PEG-based materials are also widely used for wound adhesion, hemostasis, leakage prevention, and anti-adhesion in various medical devices, due to their water solubility, excellent biocompatibility, non-toxicity, and low immunogenicity. In particular, PEG hydrogel products are applied in ophthalmology, cranial, and spinal procedures for surgical suturing and hemostasis. When sprayed onto a wound site, the hydrogel rapidly solidifies to prevent bleeding and infection, and then subsequently degrades after healing without causing any abnormal reactions. Importantly, derivatives are not absorbed but are ultimately metabolized and excreted. 

Besides, PEG is now increasingly recognized as an outstanding material for implantable medical devices, given its advantages over plant-, animal-, and human-derived materials. Among PEG derivatives, multi-arm PEG derivatives stand out in medical devices. The relatively high molecular weight enables PEG derivatives to form hydrogels with strong water-barrier properties and bioactivity.
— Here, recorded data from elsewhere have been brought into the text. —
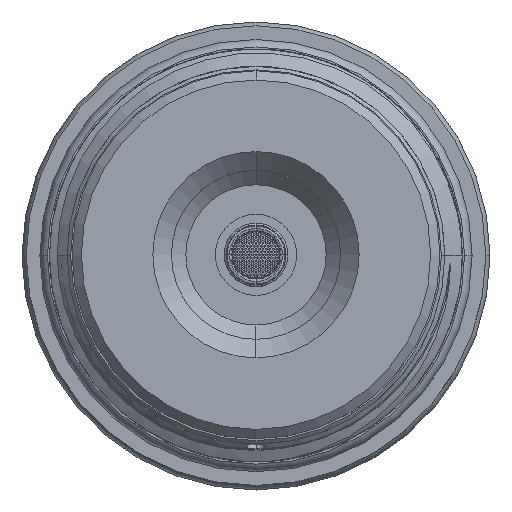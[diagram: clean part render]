
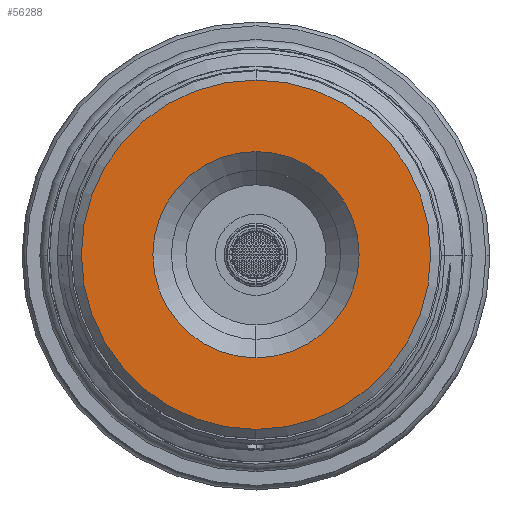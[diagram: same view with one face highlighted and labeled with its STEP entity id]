
A CAD part, top view. The second image highlights one B-rep face of the part: STEP entity #56288.
In plain terms, the highlighted planar face has unit normal (0, 0, 1).
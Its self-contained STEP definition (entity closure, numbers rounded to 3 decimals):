
#1561 = EDGE_CURVE ( 'NONE', #15399, #39701, #50983, .T. ) ;
#4406 = DIRECTION ( 'NONE',  ( 0., 0., 1. ) ) ;
#4528 = EDGE_LOOP ( 'NONE', ( #35395, #37590 ) ) ;
#5963 = EDGE_LOOP ( 'NONE', ( #48978, #17328 ) ) ;
#6570 = CARTESIAN_POINT ( 'NONE',  ( 0., 8.9, 13.677 ) ) ;
#6702 = AXIS2_PLACEMENT_3D ( 'NONE', #21202, #12010, #26011 ) ;
#6932 = CARTESIAN_POINT ( 'NONE',  ( 0., -15.075, 13.677 ) ) ;
#10126 = FACE_BOUND ( 'NONE', #5963, .T. ) ;
#11379 = DIRECTION ( 'NONE',  ( 0., 0., -1. ) ) ;
#12010 = DIRECTION ( 'NONE',  ( 0., 0., 1. ) ) ;
#14034 = CIRCLE ( 'NONE', #42843, 15.075 ) ;
#15399 = VERTEX_POINT ( 'NONE', #6570 ) ;
#16124 = EDGE_CURVE ( 'NONE', #39701, #15399, #42744, .T. ) ;
#16606 = PLANE ( 'NONE',  #6702 ) ;
#17328 = ORIENTED_EDGE ( 'NONE', *, *, #16124, .F. ) ;
#17951 = VERTEX_POINT ( 'NONE', #6932 ) ;
#18843 = DIRECTION ( 'NONE',  ( 0., 0., 1. ) ) ;
#20841 = EDGE_CURVE ( 'NONE', #56421, #17951, #22503, .T. ) ;
#21202 = CARTESIAN_POINT ( 'NONE',  ( 0., -15.075, 13.677 ) ) ;
#22334 = DIRECTION ( 'NONE',  ( 0., -1., 0. ) ) ;
#22503 = CIRCLE ( 'NONE', #50615, 15.075 ) ;
#26011 = DIRECTION ( 'NONE',  ( 0., 1., 0. ) ) ;
#26681 = AXIS2_PLACEMENT_3D ( 'NONE', #44951, #4406, #36136 ) ;
#30538 = CARTESIAN_POINT ( 'NONE',  ( 0., 0., 13.677 ) ) ;
#33390 = CARTESIAN_POINT ( 'NONE',  ( 0., 0., 13.677 ) ) ;
#35395 = ORIENTED_EDGE ( 'NONE', *, *, #44699, .F. ) ;
#35730 = DIRECTION ( 'NONE',  ( 0., 0., -1. ) ) ;
#36136 = DIRECTION ( 'NONE',  ( 0., 1., 0. ) ) ;
#37590 = ORIENTED_EDGE ( 'NONE', *, *, #20841, .F. ) ;
#39701 = VERTEX_POINT ( 'NONE', #52036 ) ;
#40129 = CARTESIAN_POINT ( 'NONE',  ( 0., 0., 13.677 ) ) ;
#41627 = AXIS2_PLACEMENT_3D ( 'NONE', #33390, #18843, #51633 ) ;
#42744 = CIRCLE ( 'NONE', #41627, 8.9 ) ;
#42843 = AXIS2_PLACEMENT_3D ( 'NONE', #30538, #11379, #43354 ) ;
#43354 = DIRECTION ( 'NONE',  ( 0., -1., 0. ) ) ;
#44699 = EDGE_CURVE ( 'NONE', #17951, #56421, #14034, .T. ) ;
#44951 = CARTESIAN_POINT ( 'NONE',  ( 0., 0., 13.677 ) ) ;
#46408 = CARTESIAN_POINT ( 'NONE',  ( 0., 15.075, 13.677 ) ) ;
#48978 = ORIENTED_EDGE ( 'NONE', *, *, #1561, .F. ) ;
#49511 = FACE_OUTER_BOUND ( 'NONE', #4528, .T. ) ;
#50615 = AXIS2_PLACEMENT_3D ( 'NONE', #40129, #35730, #22334 ) ;
#50983 = CIRCLE ( 'NONE', #26681, 8.9 ) ;
#51633 = DIRECTION ( 'NONE',  ( 0., 1., 0. ) ) ;
#52036 = CARTESIAN_POINT ( 'NONE',  ( 0., -8.9, 13.677 ) ) ;
#56288 = ADVANCED_FACE ( 'NONE', ( #49511, #10126 ), #16606, .T. ) ;
#56421 = VERTEX_POINT ( 'NONE', #46408 ) ;

Such hydrogels can be manufactured into gel-like medical devices for hemostasis and tissue isolation. For example, when sprayed on organ surfaces, they prevent post-operative adhesion. PEG derivatives gradually degrade in the body and are fully excreted, ensuring safety without absorption. 

Building on these advantages, PEG technology is expanding its role in targeted drug delivery and medical devices. With its nearly a decade of expertise in the PEG field, GenPEG continues to explore more possibilities across the biomedical field, empowering pharmaceutical companies to deliver high-performance solutions for people.